(Data provided)
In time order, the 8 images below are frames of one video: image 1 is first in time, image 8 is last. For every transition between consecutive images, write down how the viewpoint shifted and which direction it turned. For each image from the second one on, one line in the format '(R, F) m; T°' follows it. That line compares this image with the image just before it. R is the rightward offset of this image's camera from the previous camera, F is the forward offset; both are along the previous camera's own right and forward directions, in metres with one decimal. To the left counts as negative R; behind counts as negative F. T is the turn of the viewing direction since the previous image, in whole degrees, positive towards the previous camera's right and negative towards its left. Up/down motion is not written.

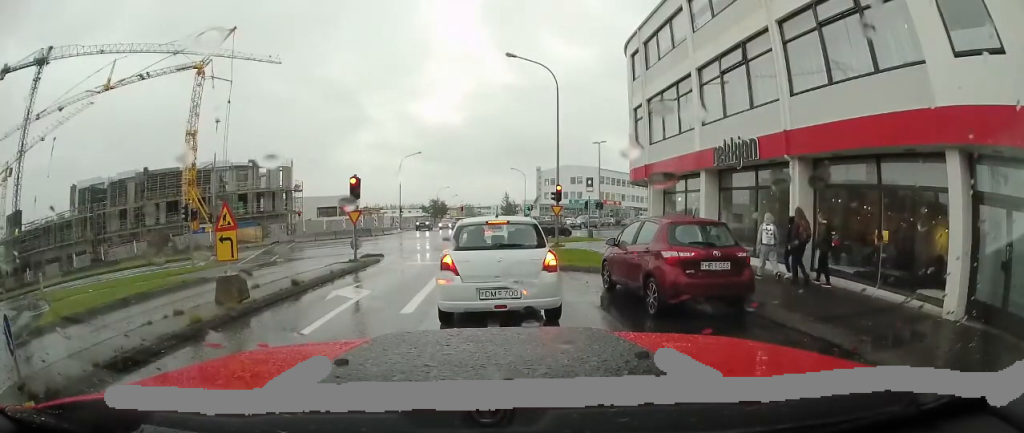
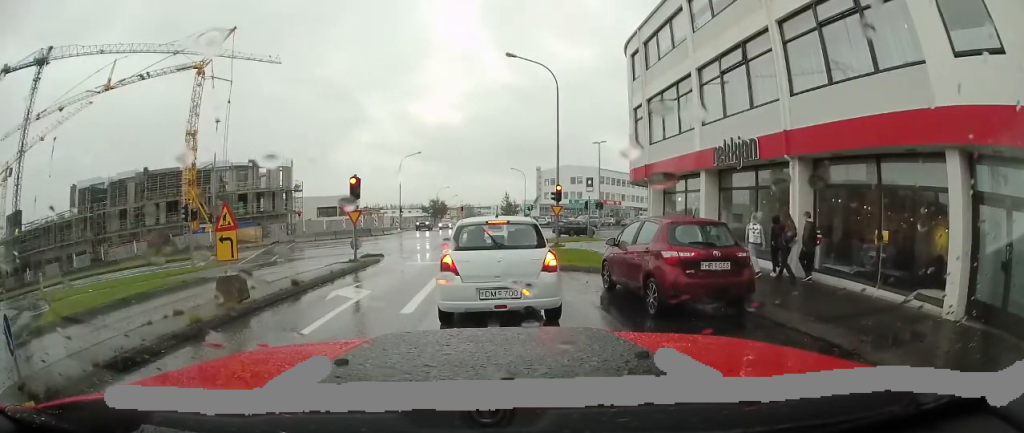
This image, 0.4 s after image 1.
(0.0, 0.0) m; 0°
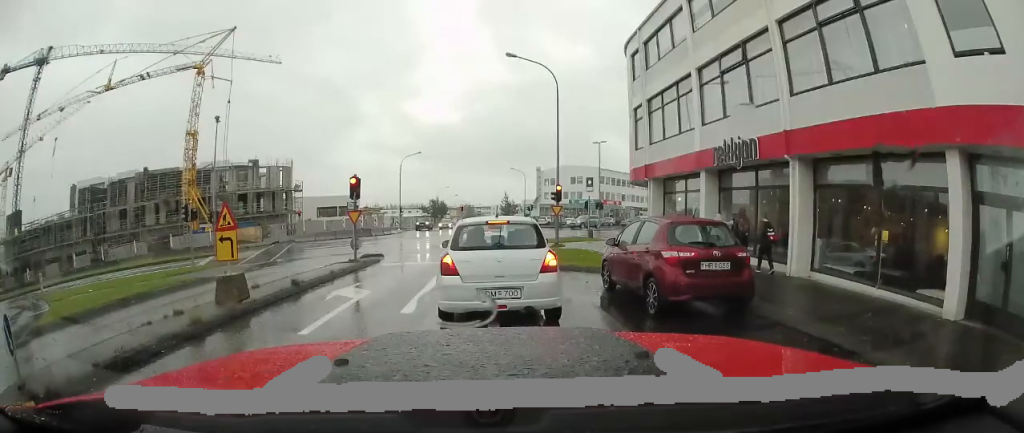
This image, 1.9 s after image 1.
(0.0, 0.0) m; 0°
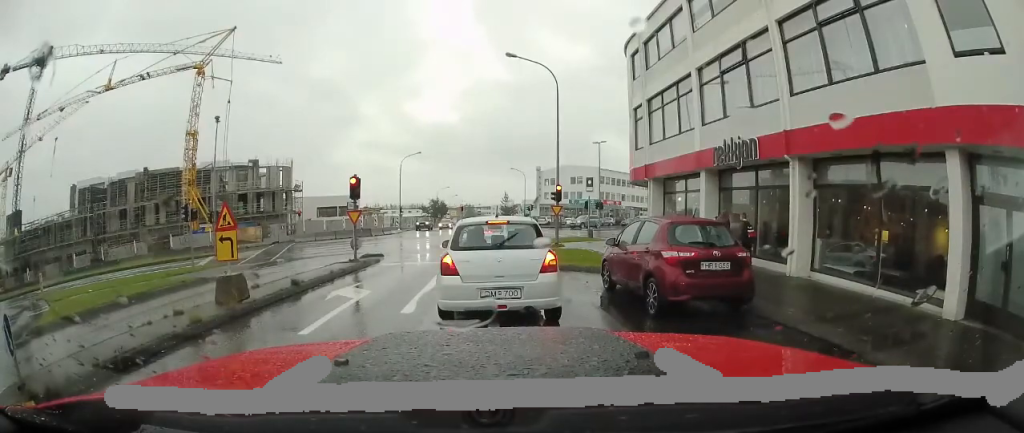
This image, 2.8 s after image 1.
(0.0, 0.0) m; 0°
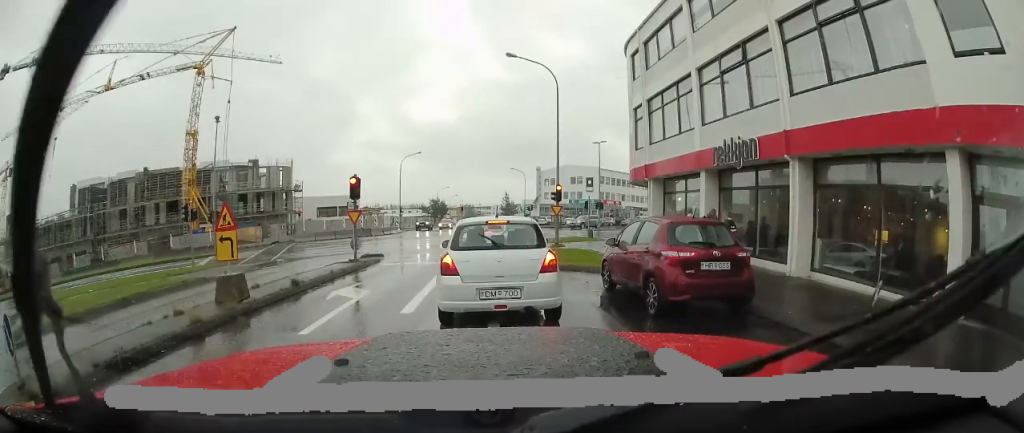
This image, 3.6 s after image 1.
(0.0, 0.0) m; 0°
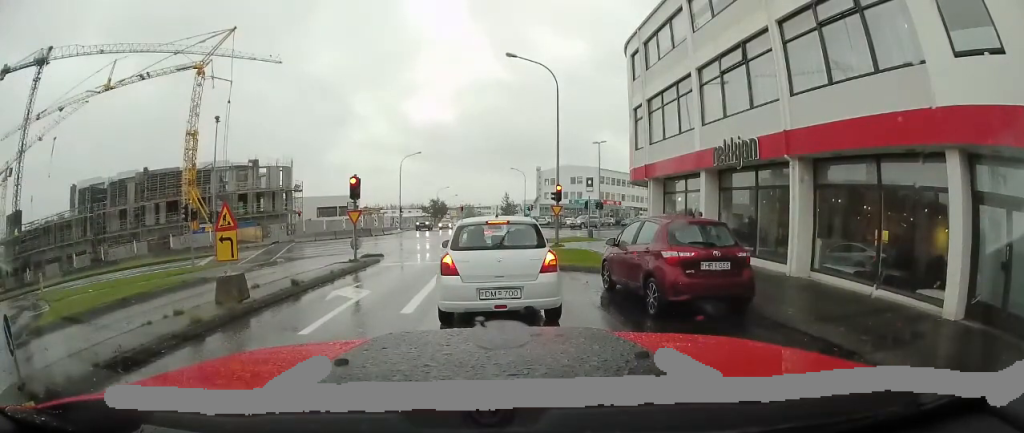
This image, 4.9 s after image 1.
(0.0, 0.0) m; 0°
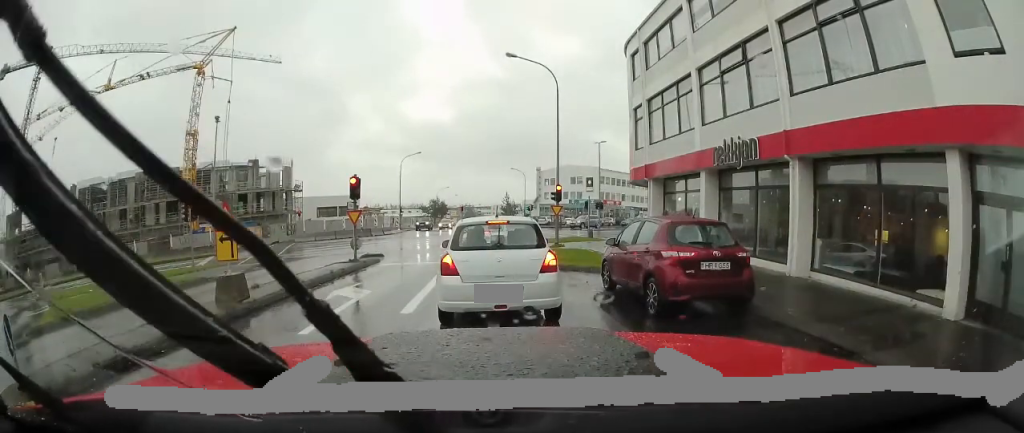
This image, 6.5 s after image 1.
(0.0, 0.0) m; 0°
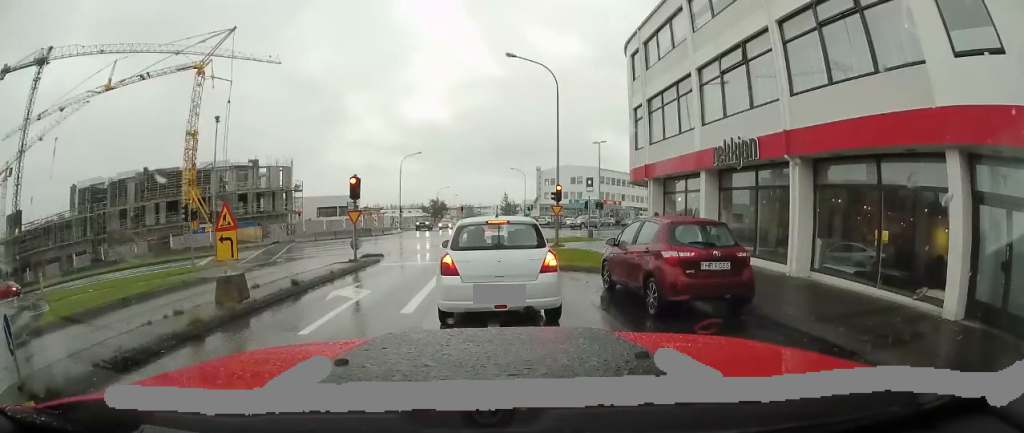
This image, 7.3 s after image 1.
(0.0, 0.0) m; 0°
(End Data provided)
Work required -
All lines from the one holding "This image, 3.6 s after image 1." through the last line of the material above should be set down exactly, and the pictures should be left out.

Output -
This image, 3.6 s after image 1.
(0.0, 0.0) m; 0°
This image, 4.9 s after image 1.
(0.0, 0.0) m; 0°
This image, 6.5 s after image 1.
(0.0, 0.0) m; 0°
This image, 7.3 s after image 1.
(0.0, 0.0) m; 0°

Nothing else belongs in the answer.